Johnson: A major attraction of outsourcing any kind of service is cost reduction. Service providers and software-as-a-service can offer great flexibility around capacity and provisioning, so if you're not in a position where you can capacity plan or forecast, you have flexibility around the models provided to keep costs at a minimum and pay on a per-use model. Building disaster recovery provision has historically been a very expensive proposition with significant investments in capital equipment required. While technologies like virtualisation have cut upfront costs and complexity around disaster recovery, the outsourced model can also take advantage of these to further lower costs.
There are benefits where the capital outlay that was required to provide disaster recovery infrastructure can now be moved to an operational budget, so you can move your budgets around, which is highly beneficial to some organisations.
You reduce internal disaster recovery skills requirements and the need to maintain those skills, and you can leverage third-party expertise from service provider models, people who work with disaster recovery environments and can bring that expertise as and when you need it. You can remove the downside of capacity planning by moving to a utility model so you're not tied into accurately forecasting, but that model, if correctly negotiated, can flex as your business demands it.

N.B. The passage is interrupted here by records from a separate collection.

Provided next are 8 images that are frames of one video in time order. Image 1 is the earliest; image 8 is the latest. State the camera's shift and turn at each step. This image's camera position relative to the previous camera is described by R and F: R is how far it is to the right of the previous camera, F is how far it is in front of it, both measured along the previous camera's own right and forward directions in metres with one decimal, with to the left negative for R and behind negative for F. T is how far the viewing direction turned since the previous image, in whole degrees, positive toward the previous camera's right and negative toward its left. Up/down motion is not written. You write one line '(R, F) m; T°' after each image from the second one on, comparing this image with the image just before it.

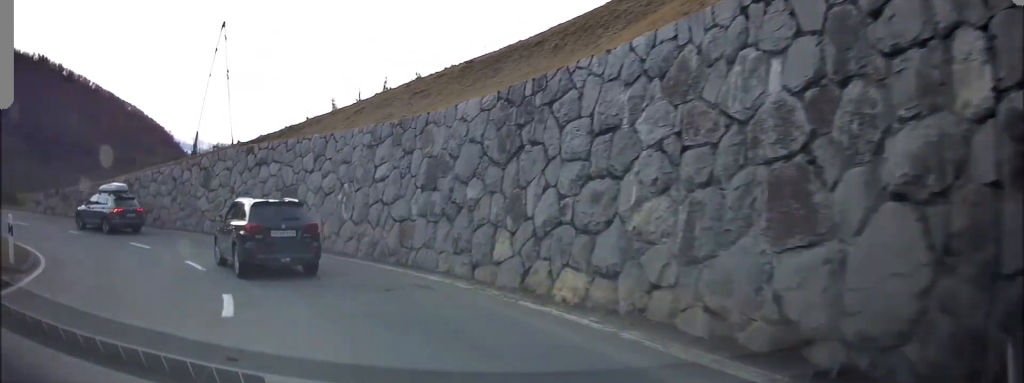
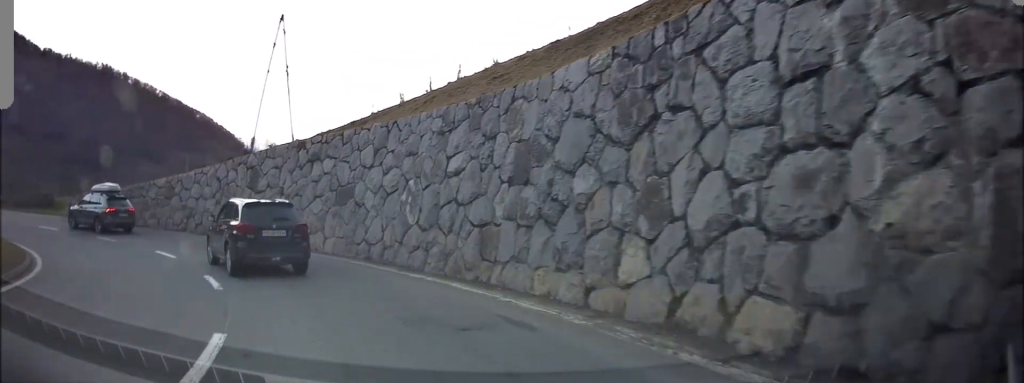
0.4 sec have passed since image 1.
(-0.4, +4.2) m; -10°
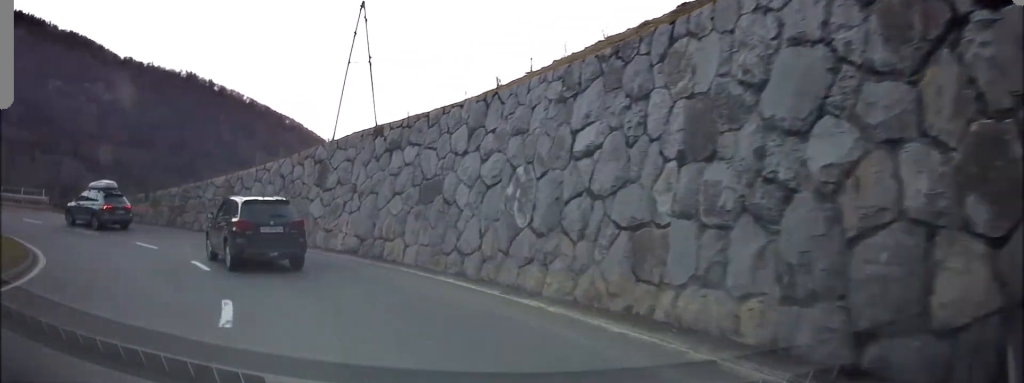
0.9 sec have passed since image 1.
(-0.5, +4.5) m; -7°
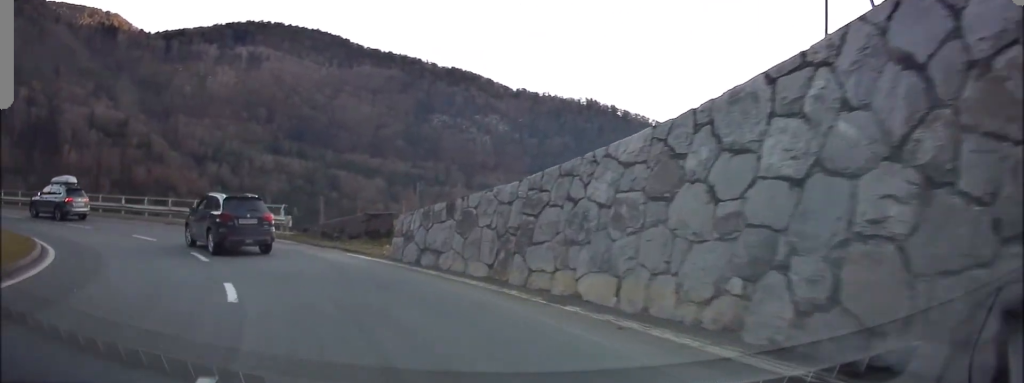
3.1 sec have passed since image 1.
(-5.7, +19.1) m; -38°
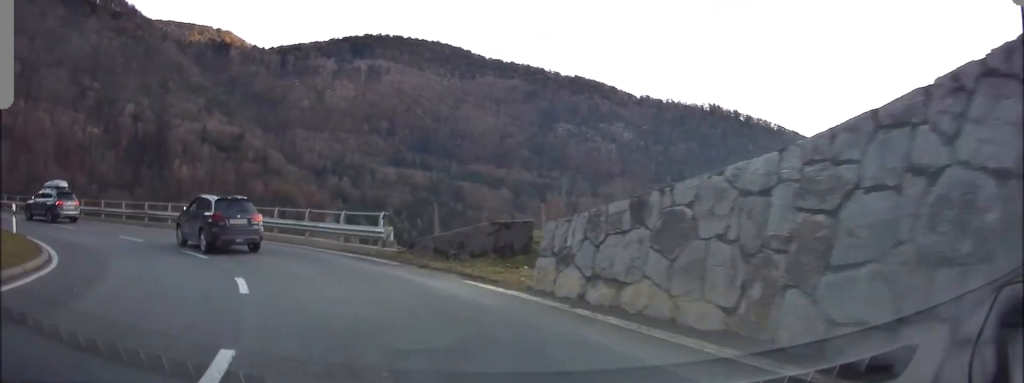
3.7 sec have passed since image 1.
(-0.7, +6.3) m; -12°
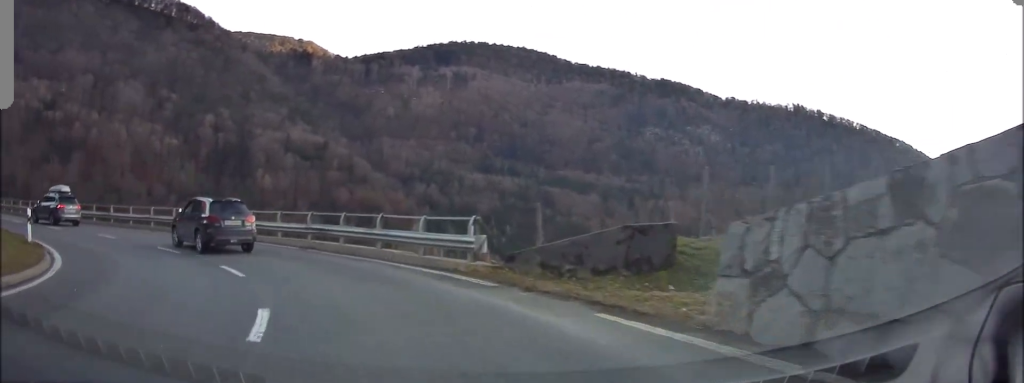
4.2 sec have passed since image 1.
(-0.2, +4.1) m; -8°
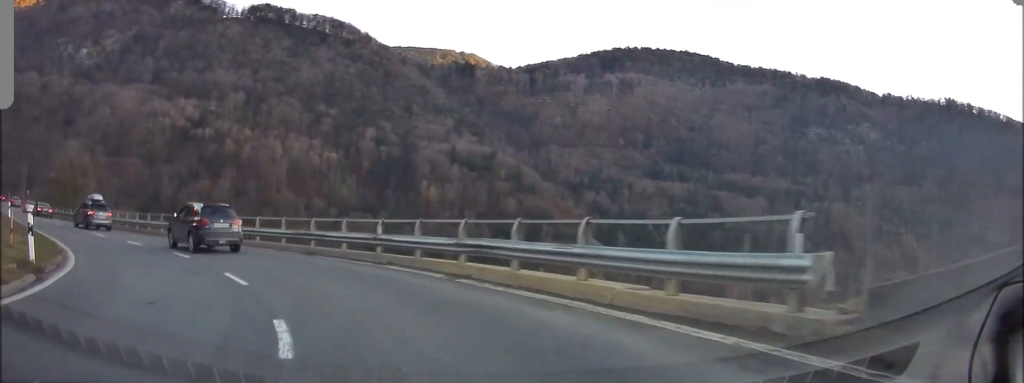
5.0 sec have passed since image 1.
(-1.0, +7.5) m; -19°
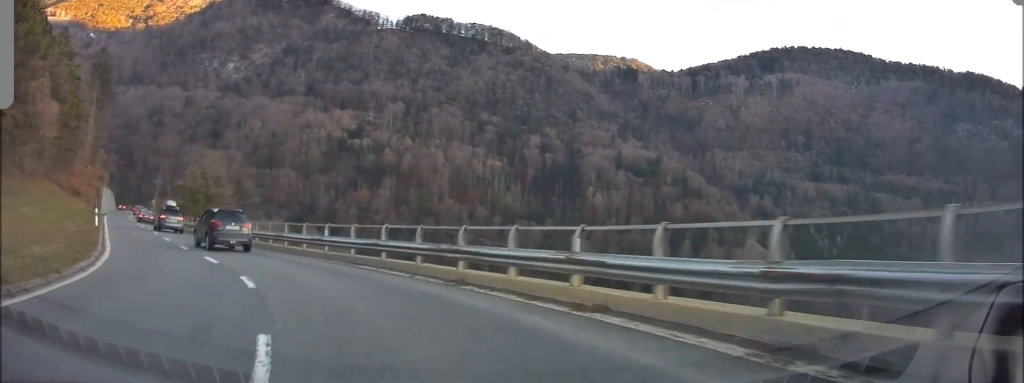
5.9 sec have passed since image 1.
(-1.4, +7.0) m; -21°

The challenge of moving to a service provider is understanding what you need from a disaster recovery scenario and how much you want to pay for it. To do that you need to know what it's costing you now to deliver disaster recovery, if indeed you are delivering disaster recovery at all, and what service levels your applications need to match. You need to have a good understanding of business impact analysis and interdependency groups so that when you go and have a conversation with the service provider you know what you're asking for: what RPOs and RTOs are there? What disaster recovery scenarios are you protecting against? There's no point using a service provider who may be affected by the same disaster recovery scenarios you're protecting against. The service provider needs to have a good understanding of how your business model operates.
What type of outsourcing agreement are you trying to negotiate? Do you want total third-party support or are you trying to maintain expertise internally also? What locations interest you and what services do you expect the vendor to provide? Also, what are the risks of outsourcing disaster recovery provision and possible access to your data? Do you have legal compliance issues that may bring complications?
These are all challenges in understanding the nature of the disaster recovery service you need to have and how much you want to pay for it to ascertain whether outsourcing of these services is feasible or not. From that you need to understand which vendors are actually qualified and can deliver the capability they say they can.
SMEs can take advantage of disaster recovery as a service; however, they need to be very clear of their requirements and internal delivery costs before evaluating third-party offerings. Get that planning right and you could have a highly beneficial outsourced disaster recovery service. Get it wrong and you'll find yourself tied into a contract and overpaying for a misaligned service that you can't necessarily get out of immediately.